"A year later, approximately four years ago, she and my other daughter, Maria, spent six weeks at Atlantic City in the early spring. It was there that she got into trouble. I could detect it in her letters. Some tremendous sorrow or difficulty had overtaken her, and she was fighting it alone.

"Her husband was not with her. I wrote to Maria asking her to investigate quietly, to report to me whether there was anything I could do.

"Maria's report was unsatisfactory. She knew Enid was distressed and was giving away or risking in some manner large amounts of money—even pawning her jewelry, jewelry which I had given her and which she prized above everything else. The whole thing was a mystery, Maria wrote. The very next mail I received a letter from Enid asking me to lend her two thousand dollars.

"She made no pretence of explaining why she wanted it. She didn't have to explain. I was a rich man at that time, comparatively speaking, and she knew I would give her the money.

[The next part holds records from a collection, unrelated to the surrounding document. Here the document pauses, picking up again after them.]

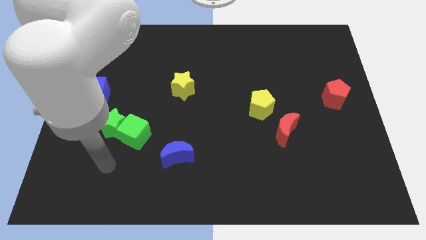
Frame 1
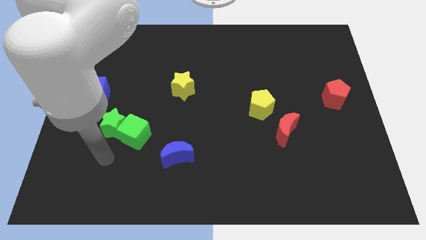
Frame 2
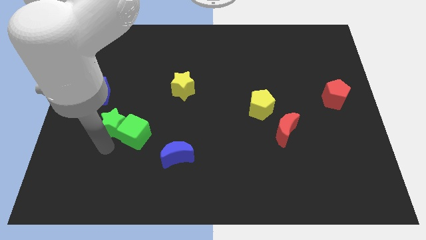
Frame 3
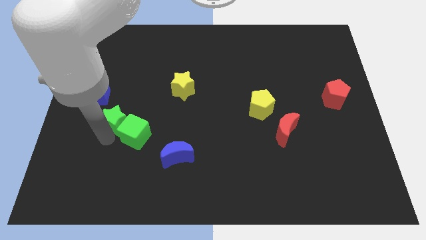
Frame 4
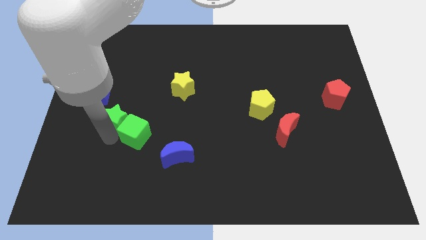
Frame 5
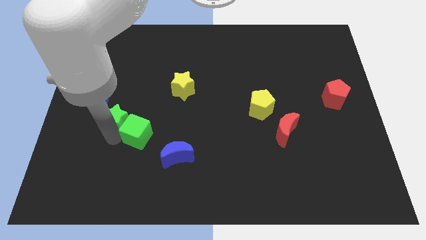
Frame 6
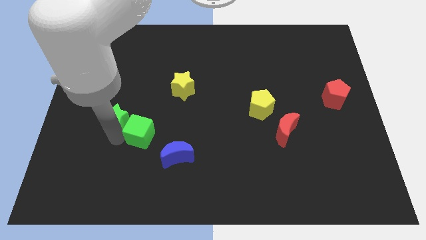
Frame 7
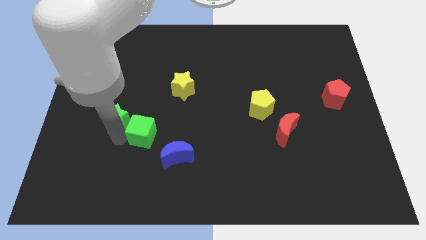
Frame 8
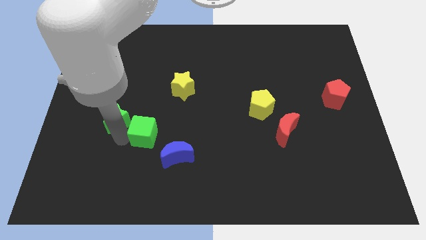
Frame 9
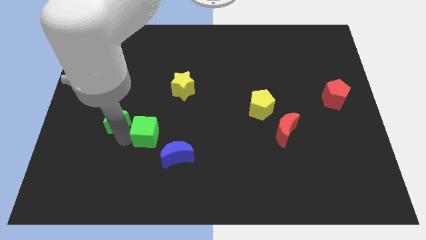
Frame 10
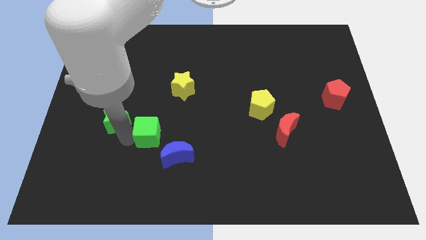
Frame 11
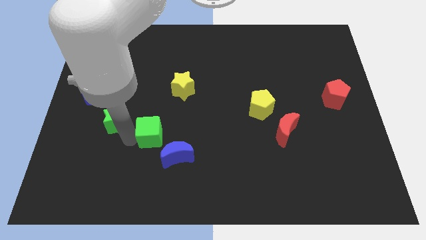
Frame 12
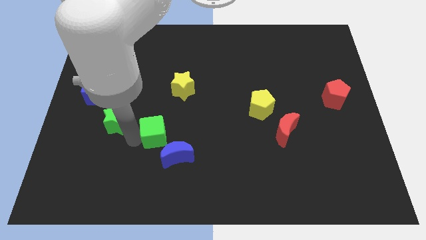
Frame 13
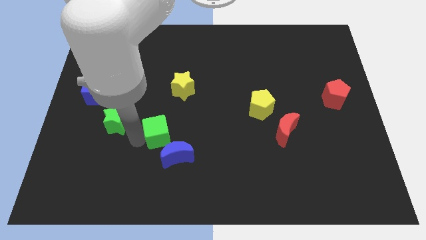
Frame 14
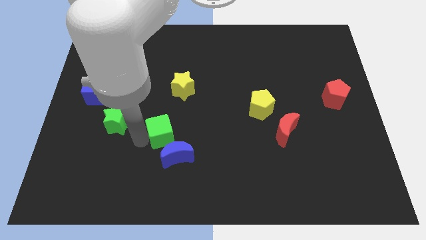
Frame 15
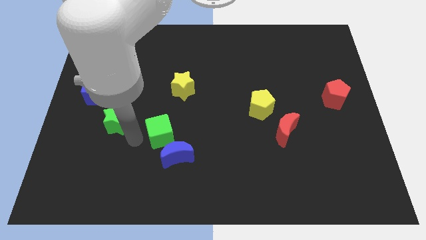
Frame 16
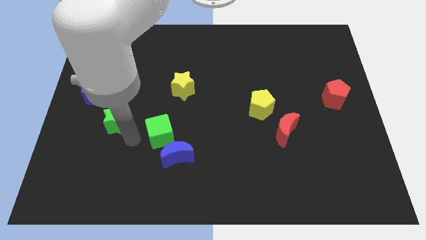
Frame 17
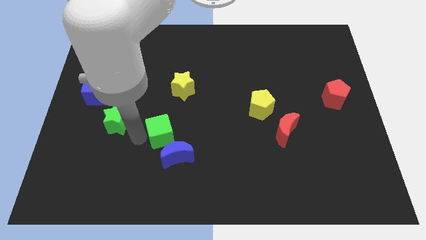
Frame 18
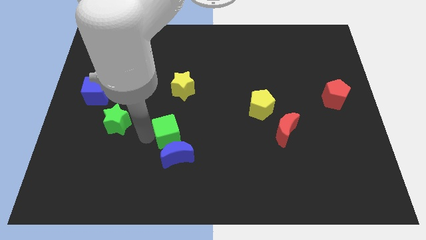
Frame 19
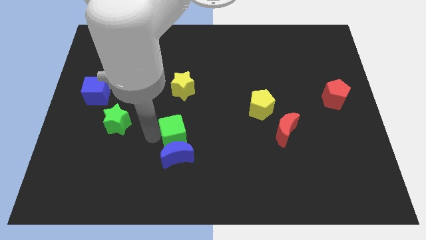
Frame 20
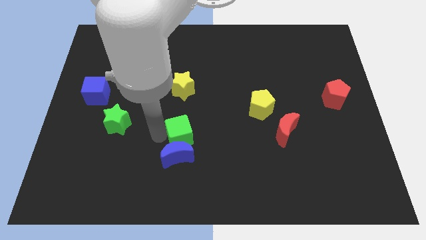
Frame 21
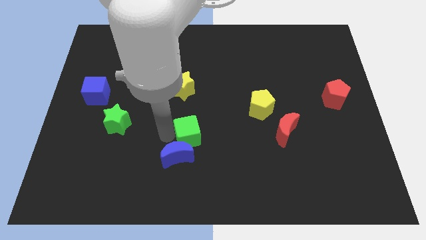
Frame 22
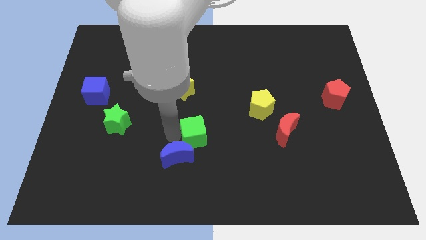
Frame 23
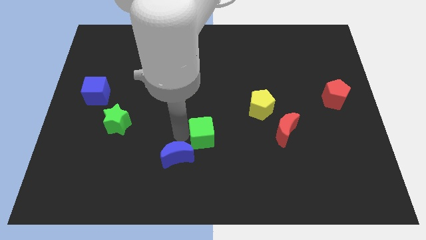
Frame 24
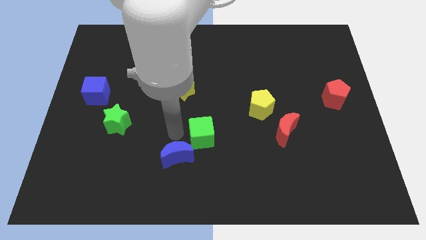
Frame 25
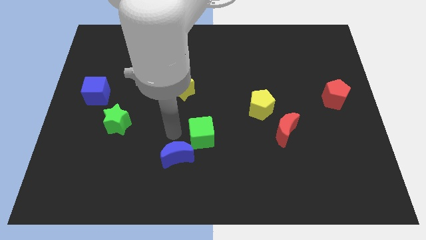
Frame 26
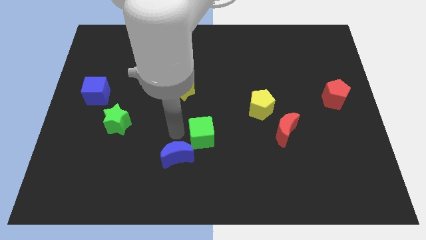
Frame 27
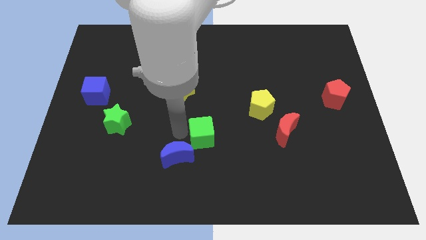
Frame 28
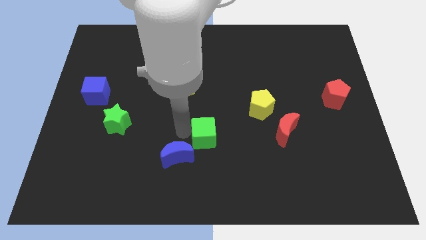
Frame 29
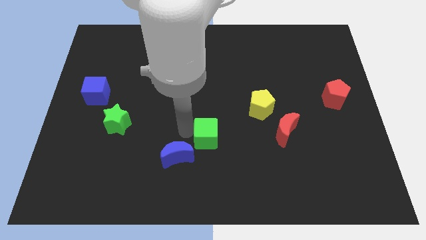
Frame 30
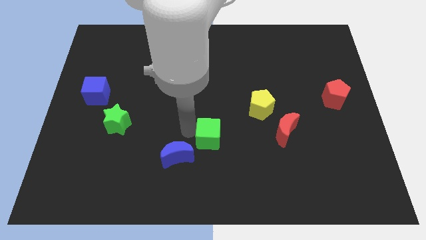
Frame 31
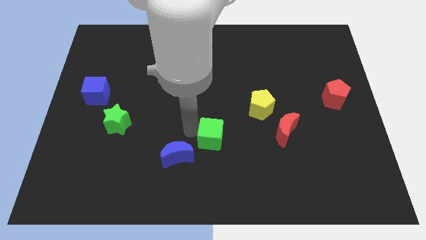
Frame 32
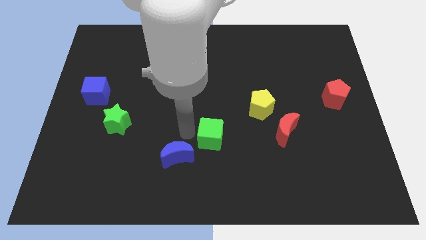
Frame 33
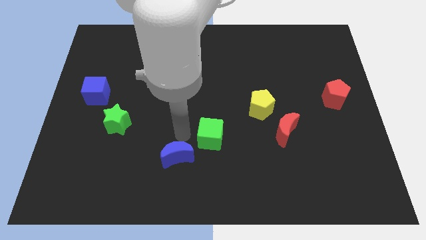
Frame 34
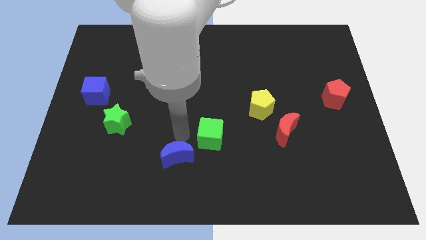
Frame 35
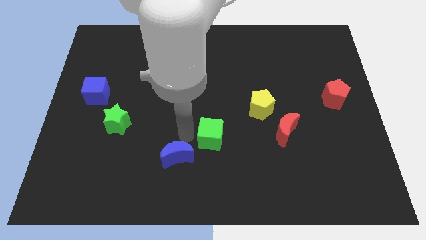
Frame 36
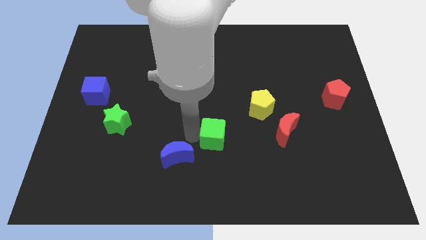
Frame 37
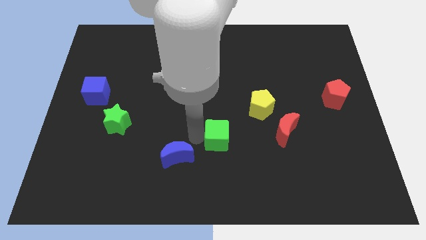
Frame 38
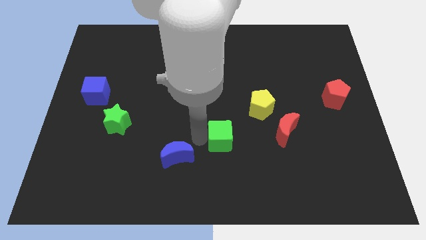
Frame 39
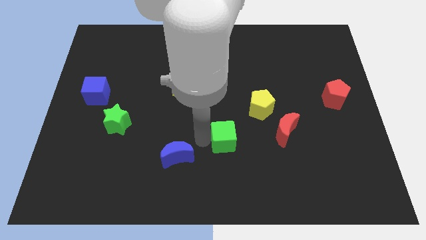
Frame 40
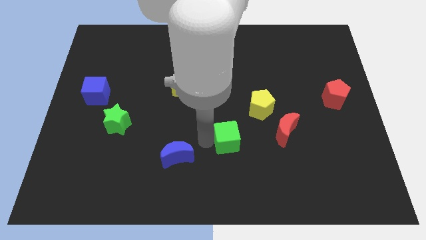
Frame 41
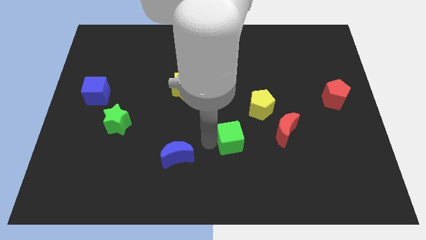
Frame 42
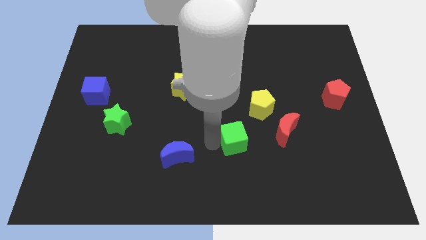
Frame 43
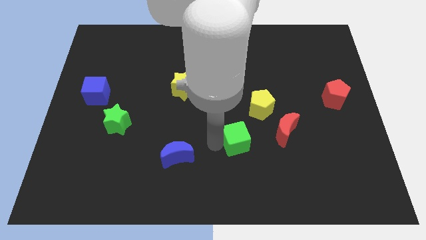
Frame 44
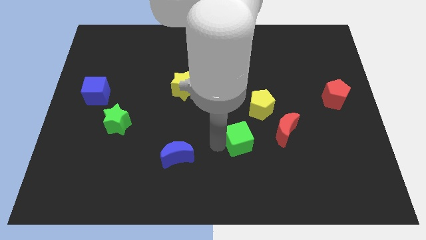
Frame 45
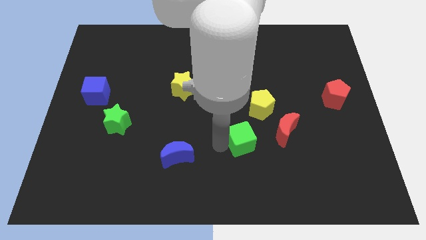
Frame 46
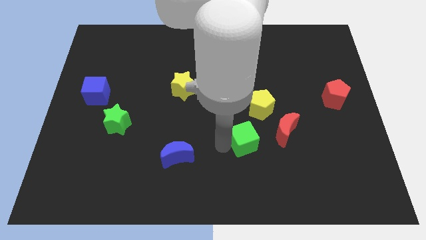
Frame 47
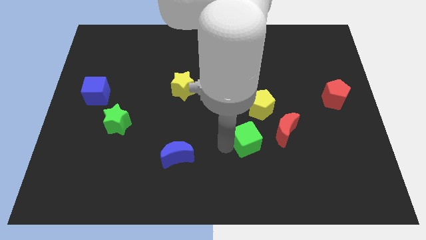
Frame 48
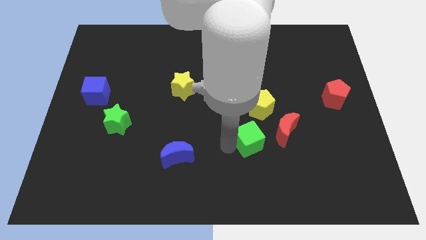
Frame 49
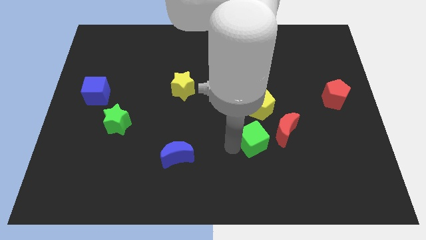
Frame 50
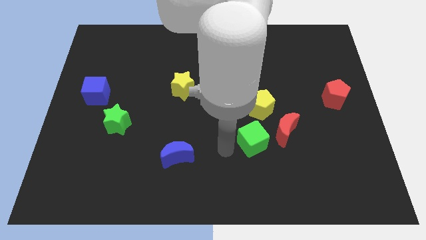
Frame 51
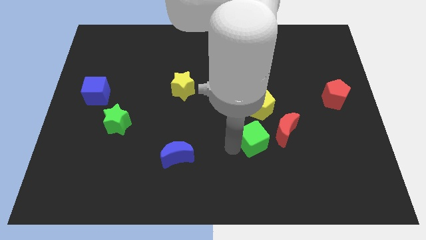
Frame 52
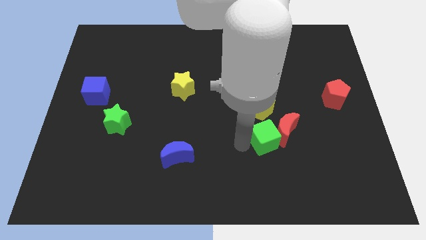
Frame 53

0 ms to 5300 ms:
push the green cube to the red moon

"I mailed her a check for two thousand, but on the train which carried the check I sent a private detective—not to make any arrests, you understand, not to raise any row or start any scandal. I merely wanted to find out what or who troubled her. Women, you know, particularly good women, are prone to fall into the hands of unscrupulous people.

"Four days later the detective reported to me, but it was of no special value. He couldn't tell me where the two thousand had gone. If Enid had paid it to a man or a woman, the fellow had missed seeing the transaction. With the description of the jewels I had given him, however, he made a round of the pawnshops in Atlantic City and learned that all of them had been pawned—for a total of seven thousand."

"Pawned by whom—herself?" asked Bristow.

"No. They were pawned in different shops by a man with a gold tooth and a thick, chestnut-brown beard."

"No wonder you doubt the negro's guilt!" exclaimed Braceway.

"Excuse me," put in Bristow quickly, "but did you ever mention this to Mr. Withers?"